▸ TASK DIRECTIONS
The material below holds a span beginning at the line with "Vraag: Is dit een uitspraak of een conclusie?" and ending at the line with "Character: 𥍌". Quote that span exactly, both ends included, and only that span.

▸ RECORDS PROVIDED
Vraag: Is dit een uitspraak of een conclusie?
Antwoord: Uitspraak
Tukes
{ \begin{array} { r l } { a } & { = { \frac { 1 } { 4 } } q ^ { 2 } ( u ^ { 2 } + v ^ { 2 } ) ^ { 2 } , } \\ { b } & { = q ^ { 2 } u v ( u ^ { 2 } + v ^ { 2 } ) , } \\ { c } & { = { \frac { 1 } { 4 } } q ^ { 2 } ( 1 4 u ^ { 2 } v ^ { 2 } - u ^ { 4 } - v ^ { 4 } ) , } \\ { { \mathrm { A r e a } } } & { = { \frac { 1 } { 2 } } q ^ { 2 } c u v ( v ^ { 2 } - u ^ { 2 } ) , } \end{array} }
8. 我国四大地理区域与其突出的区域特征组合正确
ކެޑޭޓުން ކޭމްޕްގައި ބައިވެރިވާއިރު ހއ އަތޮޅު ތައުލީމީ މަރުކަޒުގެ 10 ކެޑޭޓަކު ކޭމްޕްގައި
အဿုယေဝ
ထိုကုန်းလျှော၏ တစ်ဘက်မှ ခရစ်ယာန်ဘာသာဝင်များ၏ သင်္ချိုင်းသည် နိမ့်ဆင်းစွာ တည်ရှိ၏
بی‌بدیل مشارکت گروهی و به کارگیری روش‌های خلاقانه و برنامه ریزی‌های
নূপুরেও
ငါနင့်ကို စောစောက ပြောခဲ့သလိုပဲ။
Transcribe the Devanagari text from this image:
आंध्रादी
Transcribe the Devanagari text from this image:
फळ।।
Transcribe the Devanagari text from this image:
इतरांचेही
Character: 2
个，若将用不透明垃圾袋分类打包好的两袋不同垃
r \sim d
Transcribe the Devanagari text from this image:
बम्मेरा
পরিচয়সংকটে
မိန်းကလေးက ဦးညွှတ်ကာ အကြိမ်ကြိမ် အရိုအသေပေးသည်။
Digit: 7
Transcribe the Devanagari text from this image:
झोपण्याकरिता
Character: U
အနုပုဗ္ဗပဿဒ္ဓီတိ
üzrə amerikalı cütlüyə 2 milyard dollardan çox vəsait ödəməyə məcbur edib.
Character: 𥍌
---
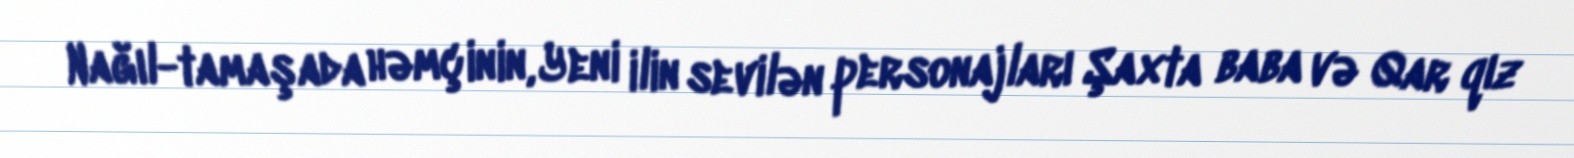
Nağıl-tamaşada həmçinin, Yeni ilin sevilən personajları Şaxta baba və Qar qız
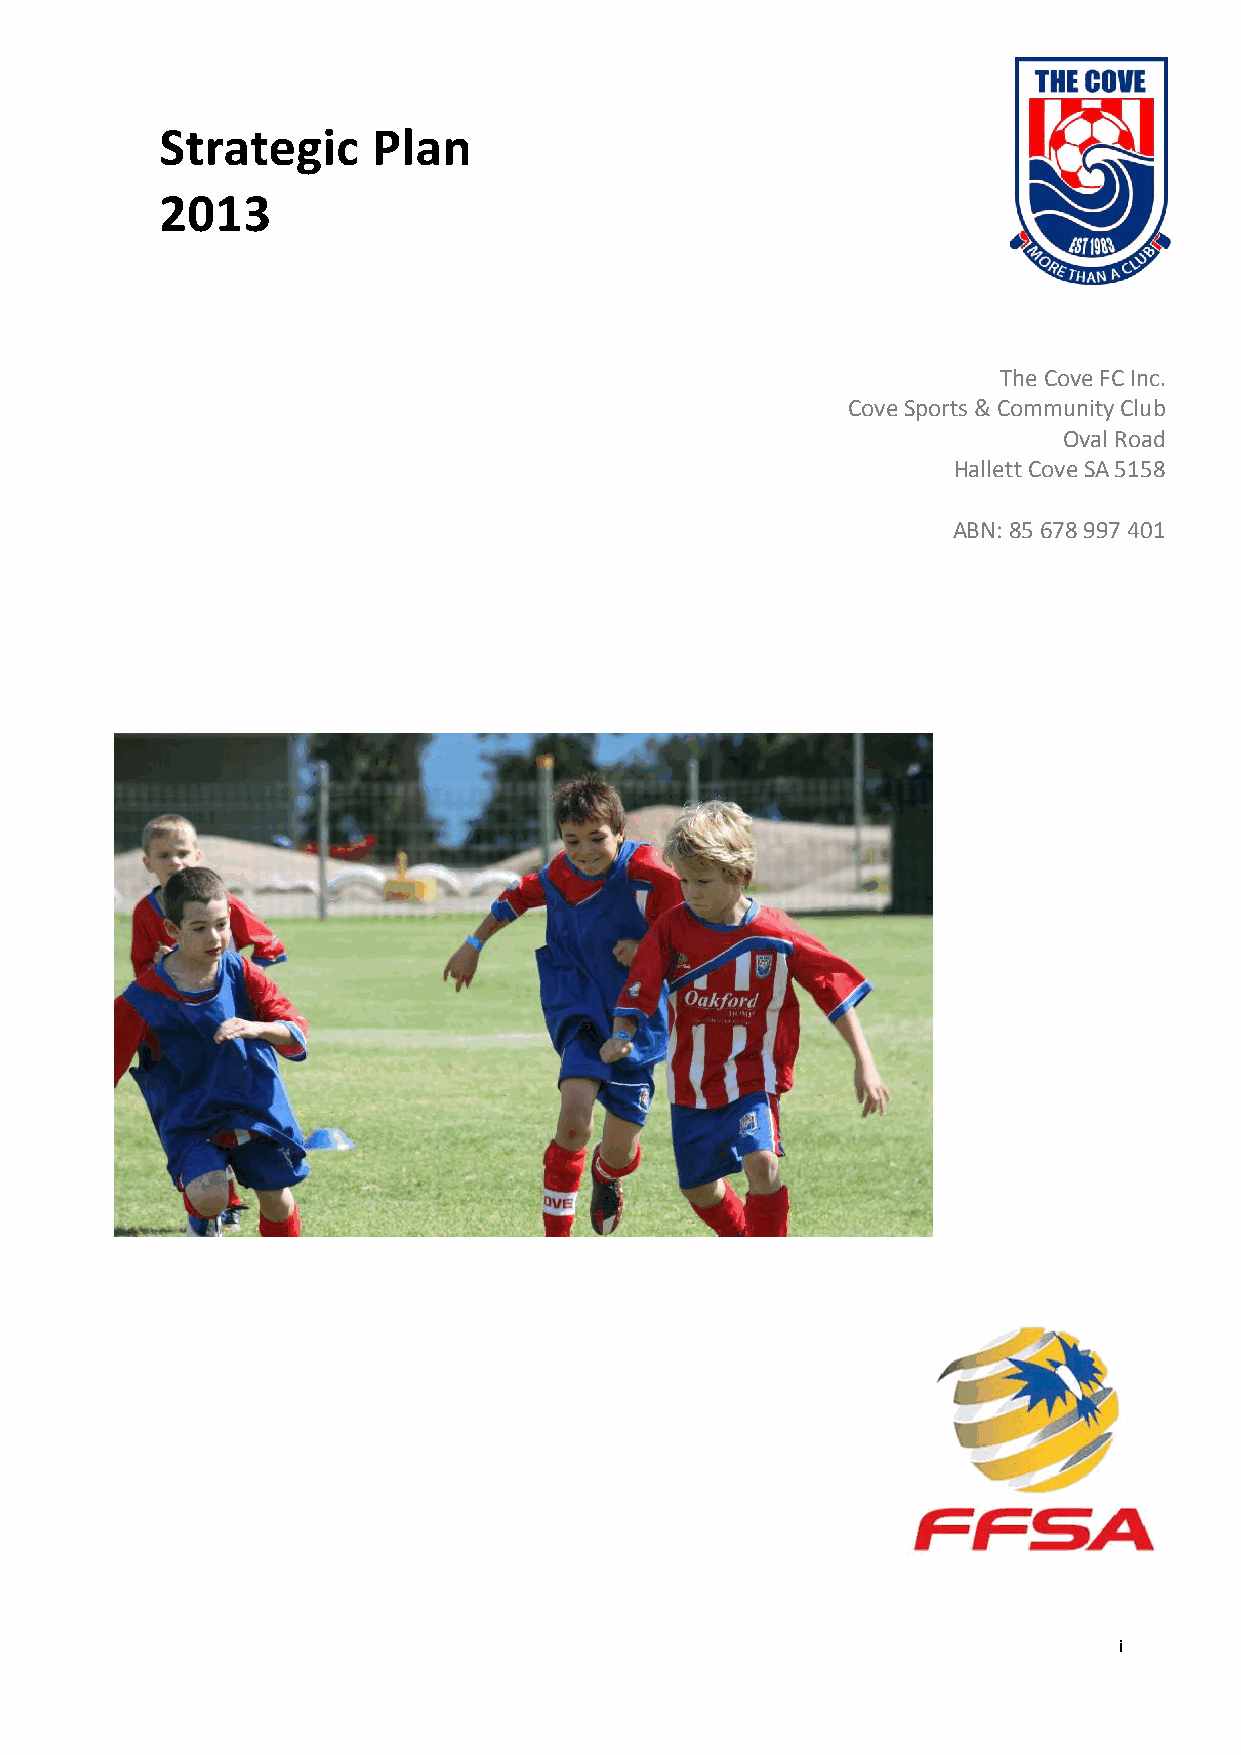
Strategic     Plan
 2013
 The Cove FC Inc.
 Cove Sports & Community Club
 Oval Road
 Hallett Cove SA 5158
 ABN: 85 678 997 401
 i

▸ RESULT OF THE EXERCISE
Vraag: Is dit een uitspraak of een conclusie?
Antwoord: Uitspraak
Tukes
{ \begin{array} { r l } { a } & { = { \frac { 1 } { 4 } } q ^ { 2 } ( u ^ { 2 } + v ^ { 2 } ) ^ { 2 } , } \\ { b } & { = q ^ { 2 } u v ( u ^ { 2 } + v ^ { 2 } ) , } \\ { c } & { = { \frac { 1 } { 4 } } q ^ { 2 } ( 1 4 u ^ { 2 } v ^ { 2 } - u ^ { 4 } - v ^ { 4 } ) , } \\ { { \mathrm { A r e a } } } & { = { \frac { 1 } { 2 } } q ^ { 2 } c u v ( v ^ { 2 } - u ^ { 2 } ) , } \end{array} }
8. 我国四大地理区域与其突出的区域特征组合正确
ކެޑޭޓުން ކޭމްޕްގައި ބައިވެރިވާއިރު ހއ އަތޮޅު ތައުލީމީ މަރުކަޒުގެ 10 ކެޑޭޓަކު ކޭމްޕްގައި
အဿုယေဝ
ထိုကုန်းလျှော၏ တစ်ဘက်မှ ခရစ်ယာန်ဘာသာဝင်များ၏ သင်္ချိုင်းသည် နိမ့်ဆင်းစွာ တည်ရှိ၏
بی‌بدیل مشارکت گروهی و به کارگیری روش‌های خلاقانه و برنامه ریزی‌های
নূপুরেও
ငါနင့်ကို စောစောက ပြောခဲ့သလိုပဲ။
Transcribe the Devanagari text from this image:
आंध्रादी
Transcribe the Devanagari text from this image:
फळ।।
Transcribe the Devanagari text from this image:
इतरांचेही
Character: 2
个，若将用不透明垃圾袋分类打包好的两袋不同垃
r \sim d
Transcribe the Devanagari text from this image:
बम्मेरा
পরিচয়সংকটে
မိန်းကလေးက ဦးညွှတ်ကာ အကြိမ်ကြိမ် အရိုအသေပေးသည်။
Digit: 7
Transcribe the Devanagari text from this image:
झोपण्याकरिता
Character: U
အနုပုဗ္ဗပဿဒ္ဓီတိ
üzrə amerikalı cütlüyə 2 milyard dollardan çox vəsait ödəməyə məcbur edib.
Character: 𥍌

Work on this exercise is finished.